> INSTRUCTIONS TO FOLLOW: Restate the lines exactly, starting at the line that contains "#630 = CARTESIAN_POINT" and finishing with the final line of the records.

> Records from a data collection:
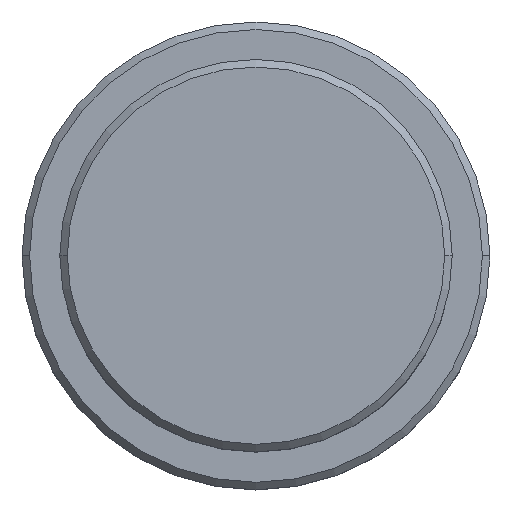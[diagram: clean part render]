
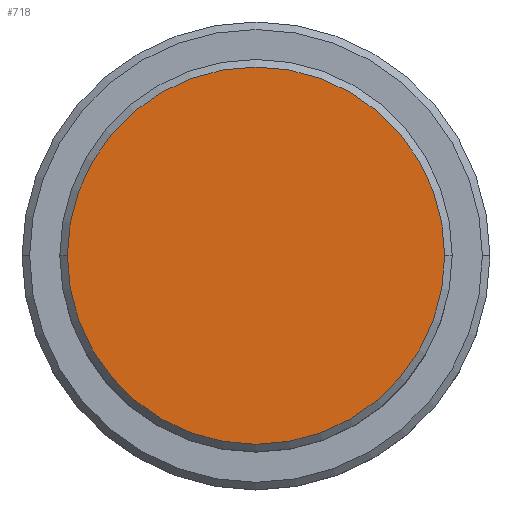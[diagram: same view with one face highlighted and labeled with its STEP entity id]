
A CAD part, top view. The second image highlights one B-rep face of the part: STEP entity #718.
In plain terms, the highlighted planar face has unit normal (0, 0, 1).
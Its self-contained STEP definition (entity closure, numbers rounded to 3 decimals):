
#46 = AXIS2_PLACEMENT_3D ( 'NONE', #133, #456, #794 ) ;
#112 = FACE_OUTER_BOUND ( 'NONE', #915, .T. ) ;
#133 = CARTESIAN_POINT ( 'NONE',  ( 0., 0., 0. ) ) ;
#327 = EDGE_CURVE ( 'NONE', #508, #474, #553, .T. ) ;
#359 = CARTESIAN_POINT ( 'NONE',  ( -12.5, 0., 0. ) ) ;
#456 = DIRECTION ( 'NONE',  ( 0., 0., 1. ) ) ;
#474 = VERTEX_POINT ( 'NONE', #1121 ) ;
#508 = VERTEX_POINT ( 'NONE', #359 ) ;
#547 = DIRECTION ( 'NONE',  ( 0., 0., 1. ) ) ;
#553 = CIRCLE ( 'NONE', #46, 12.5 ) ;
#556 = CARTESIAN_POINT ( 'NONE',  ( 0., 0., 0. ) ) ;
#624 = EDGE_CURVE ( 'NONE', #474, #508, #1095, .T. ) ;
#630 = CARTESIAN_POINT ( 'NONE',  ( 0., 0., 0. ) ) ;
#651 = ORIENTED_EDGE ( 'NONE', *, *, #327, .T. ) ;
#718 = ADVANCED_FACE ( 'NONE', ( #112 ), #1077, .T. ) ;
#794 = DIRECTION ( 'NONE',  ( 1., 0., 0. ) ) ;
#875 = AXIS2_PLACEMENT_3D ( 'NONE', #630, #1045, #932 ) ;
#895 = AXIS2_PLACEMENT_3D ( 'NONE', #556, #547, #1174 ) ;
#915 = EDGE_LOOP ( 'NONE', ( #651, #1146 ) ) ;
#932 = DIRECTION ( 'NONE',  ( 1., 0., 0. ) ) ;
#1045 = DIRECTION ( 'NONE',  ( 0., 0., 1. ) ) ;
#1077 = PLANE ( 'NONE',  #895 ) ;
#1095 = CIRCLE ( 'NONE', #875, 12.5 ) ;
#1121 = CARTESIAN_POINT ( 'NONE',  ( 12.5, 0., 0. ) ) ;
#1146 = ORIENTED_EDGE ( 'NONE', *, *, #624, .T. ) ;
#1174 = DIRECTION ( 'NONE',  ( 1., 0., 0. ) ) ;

> ANSWER FOR THE TASK:
#630 = CARTESIAN_POINT ( 'NONE',  ( 0., 0., 0. ) ) ;
#651 = ORIENTED_EDGE ( 'NONE', *, *, #327, .T. ) ;
#718 = ADVANCED_FACE ( 'NONE', ( #112 ), #1077, .T. ) ;
#794 = DIRECTION ( 'NONE',  ( 1., 0., 0. ) ) ;
#875 = AXIS2_PLACEMENT_3D ( 'NONE', #630, #1045, #932 ) ;
#895 = AXIS2_PLACEMENT_3D ( 'NONE', #556, #547, #1174 ) ;
#915 = EDGE_LOOP ( 'NONE', ( #651, #1146 ) ) ;
#932 = DIRECTION ( 'NONE',  ( 1., 0., 0. ) ) ;
#1045 = DIRECTION ( 'NONE',  ( 0., 0., 1. ) ) ;
#1077 = PLANE ( 'NONE',  #895 ) ;
#1095 = CIRCLE ( 'NONE', #875, 12.5 ) ;
#1121 = CARTESIAN_POINT ( 'NONE',  ( 12.5, 0., 0. ) ) ;
#1146 = ORIENTED_EDGE ( 'NONE', *, *, #624, .T. ) ;
#1174 = DIRECTION ( 'NONE',  ( 1., 0., 0. ) ) ;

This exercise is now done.